(Data entries)

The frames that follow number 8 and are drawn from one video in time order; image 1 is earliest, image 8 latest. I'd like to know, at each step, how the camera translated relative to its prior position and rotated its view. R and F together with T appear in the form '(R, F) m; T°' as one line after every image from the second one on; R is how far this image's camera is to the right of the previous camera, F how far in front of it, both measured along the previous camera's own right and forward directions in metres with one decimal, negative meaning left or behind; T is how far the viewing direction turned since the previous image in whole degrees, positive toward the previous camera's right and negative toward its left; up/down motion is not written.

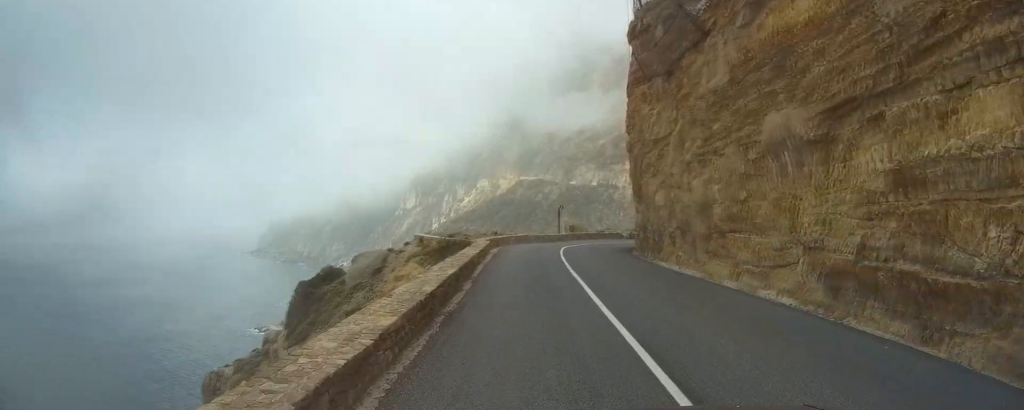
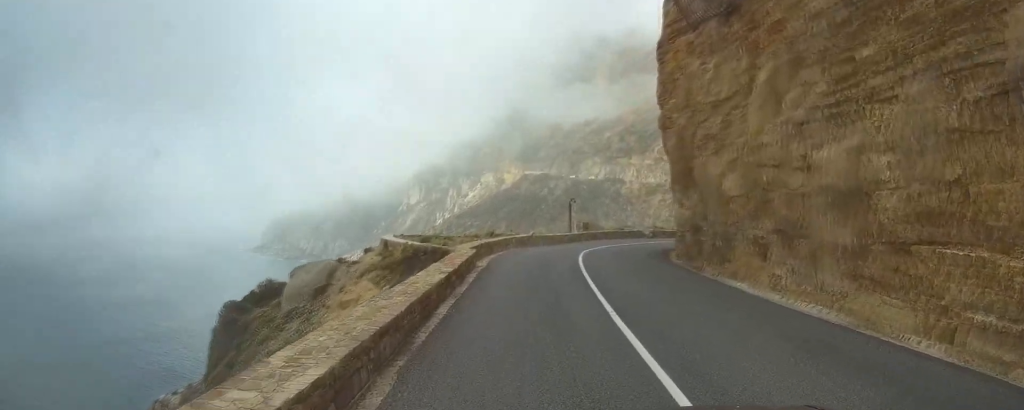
(0.0, +10.3) m; +1°
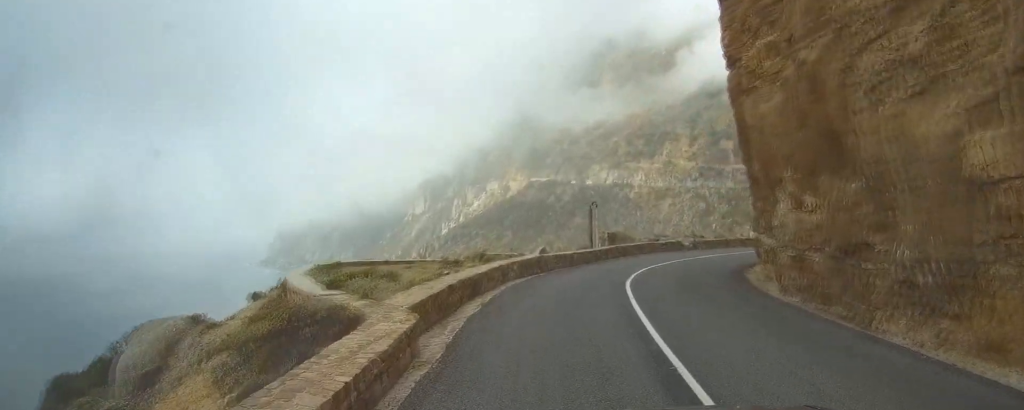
(+0.4, +12.2) m; +3°
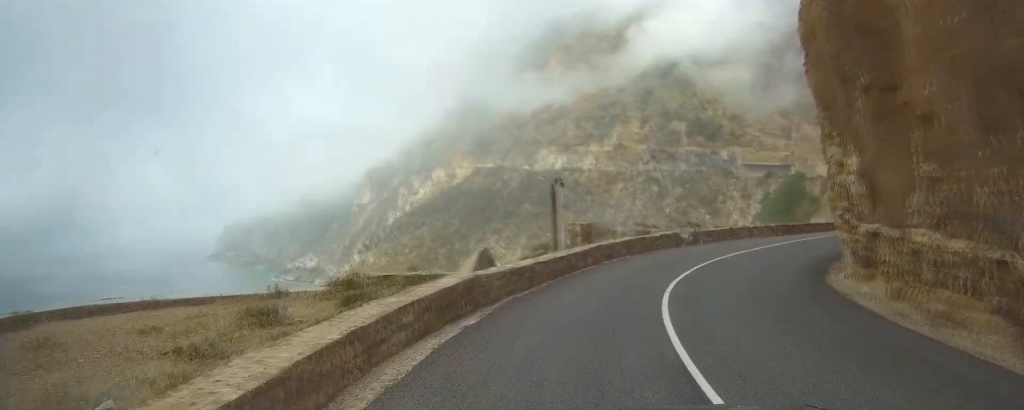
(0.0, +12.5) m; -2°
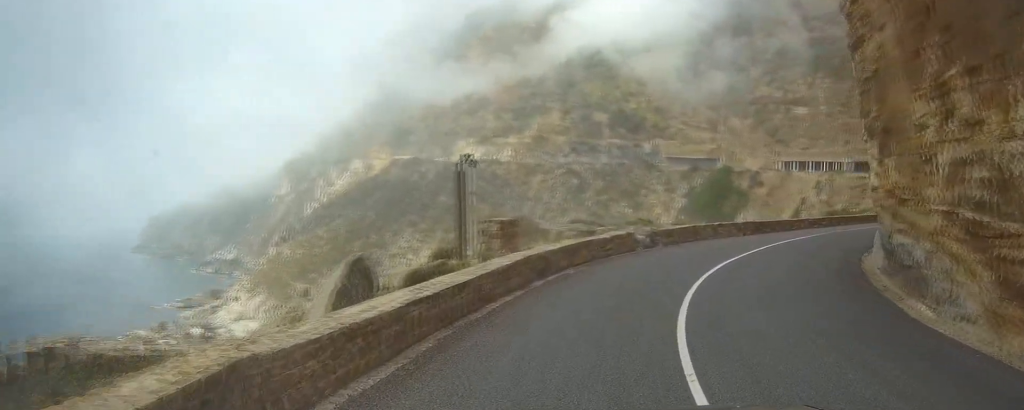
(-0.1, +8.4) m; -1°
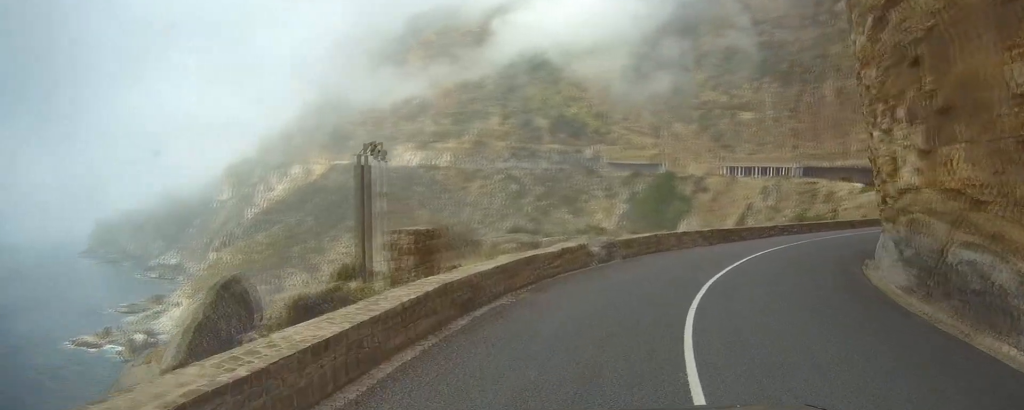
(0.0, +4.5) m; +3°
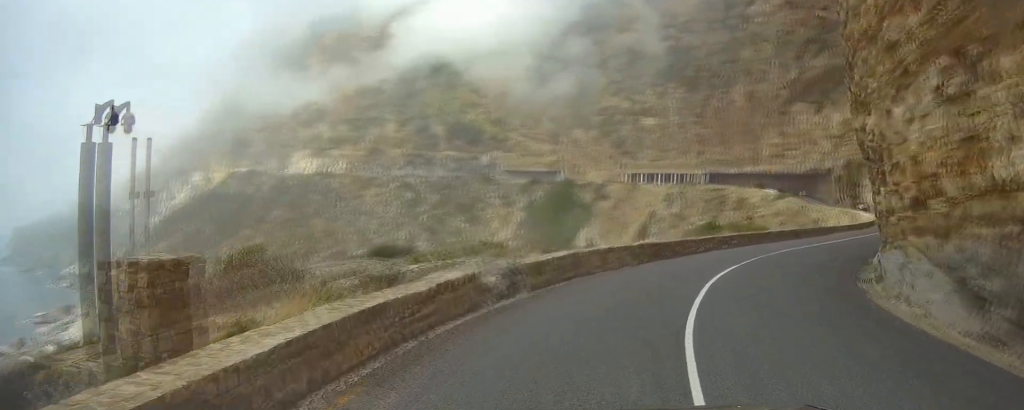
(-0.2, +6.6) m; +9°
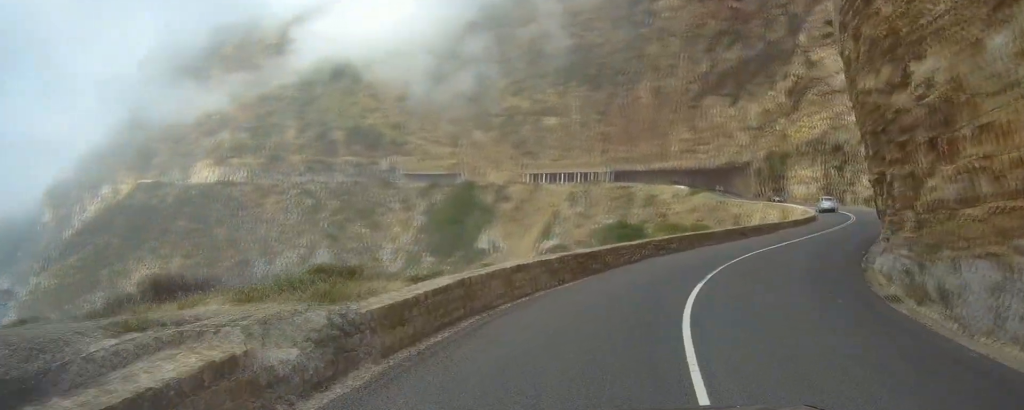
(+1.2, +6.6) m; +13°

▶ **What to do**: Skip the pictures and reproduce all remaining entries exactly.

▶ **Answer space**:
The frames that follow number 8 and are drawn from one video in time order; image 1 is earliest, image 8 latest. I'd like to know, at each step, how the camera translated relative to its prior position and rotated its view. R and F together with T appear in the form '(R, F) m; T°' as one line after every image from the second one on; R is how far this image's camera is to the right of the previous camera, F how far in front of it, both measured along the previous camera's own right and forward directions in metres with one decimal, negative meaning left or behind; T is how far the viewing direction turned since the previous image in whole degrees, positive toward the previous camera's right and negative toward its left; up/down motion is not written.

(0.0, +10.3) m; +1°
(+0.4, +12.2) m; +3°
(0.0, +12.5) m; -2°
(-0.1, +8.4) m; -1°
(0.0, +4.5) m; +3°
(-0.2, +6.6) m; +9°
(+1.2, +6.6) m; +13°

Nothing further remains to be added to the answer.